By now, you've seen celebrities, Facebook friends, and even local news anchors dumping buckets of ice water over their heads to raise awareness and money for Amyotrophic lateral sclerosis (ALS), also known as Lou Gehrig's disease, a progressive neurodegenerative disease that affects nerve cells in the brain and the spinal cord.
The ALS Association says it has raised an unprecedented amount of money:
As of Monday, August 18, The ALS Association has received $15.6 million in donations compared to $1.8 million during the same time period last year (July 29 to August 18). These donations have come from existing donors and 307,598 new donors to The Association.
Well this is fabulous news. Even so, there are those criticizing the ice bucket challenge as "stunt philanthropy."
A Los Angeles Times writer, Michael Hiltzik, points out that ALS, though devastating to those with the condition, is a relatively rare disease compared to say, Alzheimer's, and other diseases that of course also deserve funding:
Stunt philanthropy like the ice bucket challenge doesn't accommodate these sorts of distinctions and comparisons--it just feeds whatever charity hits on a catchy device and treats all causes as essentially equivalent, distinguished only by their claim on public attention.

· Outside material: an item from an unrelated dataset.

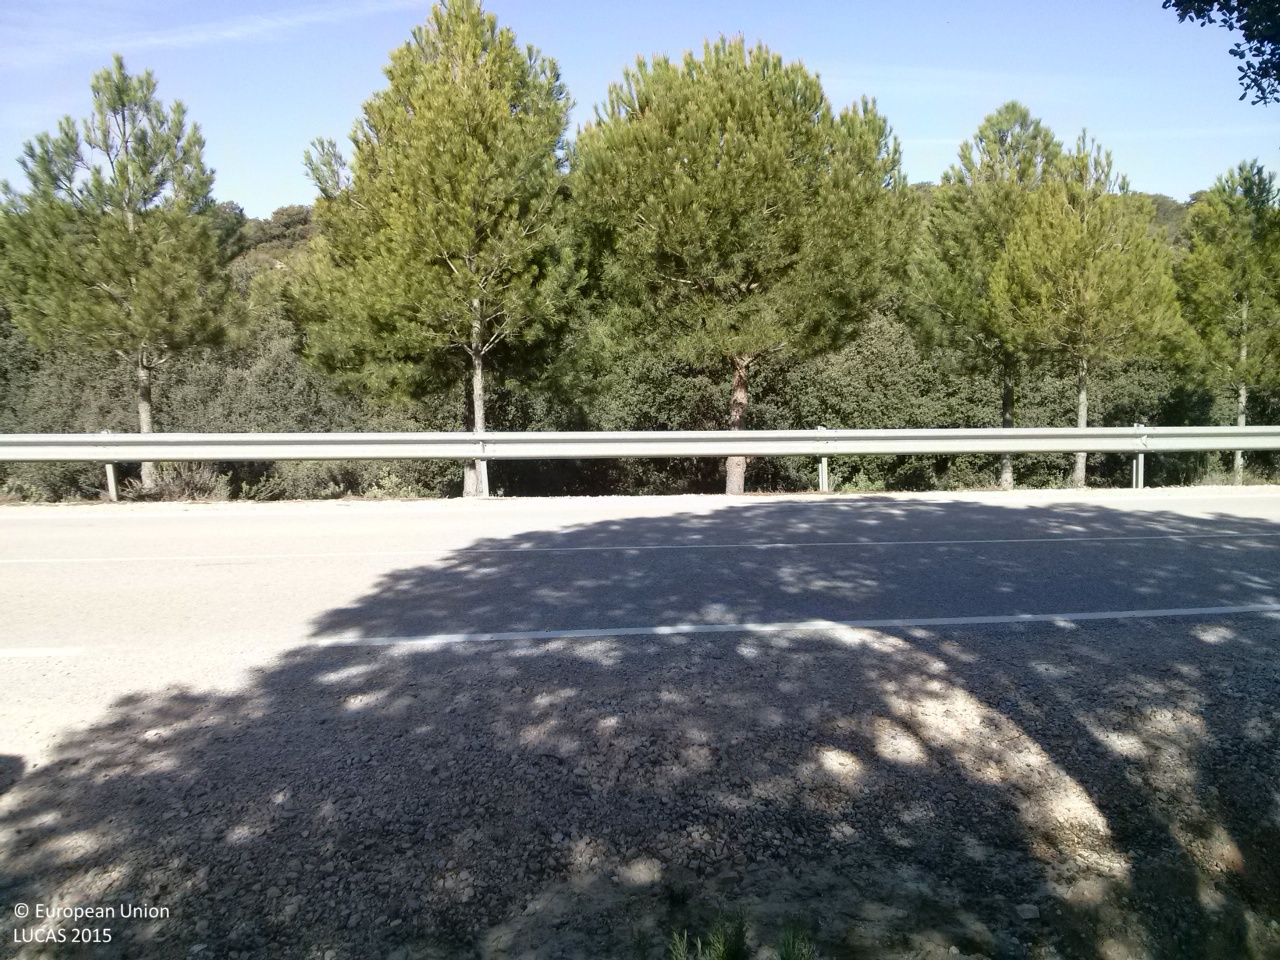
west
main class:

It's a fair guess that most people prompted by ice bucket publicity to make a donation don't know much about ALS beyond the fact that Lou Gehrig got it (maybe they know about Stephen Hawking, too). They may assume that it's a major public health problem, though the numbers say it's not./blockquote>
The writer concludes that if you want to do the ice bucket challenge just because famous people are doing it, "maybe you should give a bit more thought to where you donate your money."
Others have criticized the ice bucket challenge for being a form of or "slacktivism," advocacy that requires little real world participation, understanding or involvement in the cause.
"A lot of the participants are probably spending more money on bagged ice than on ALS research," wrote Will Oremus in Slate.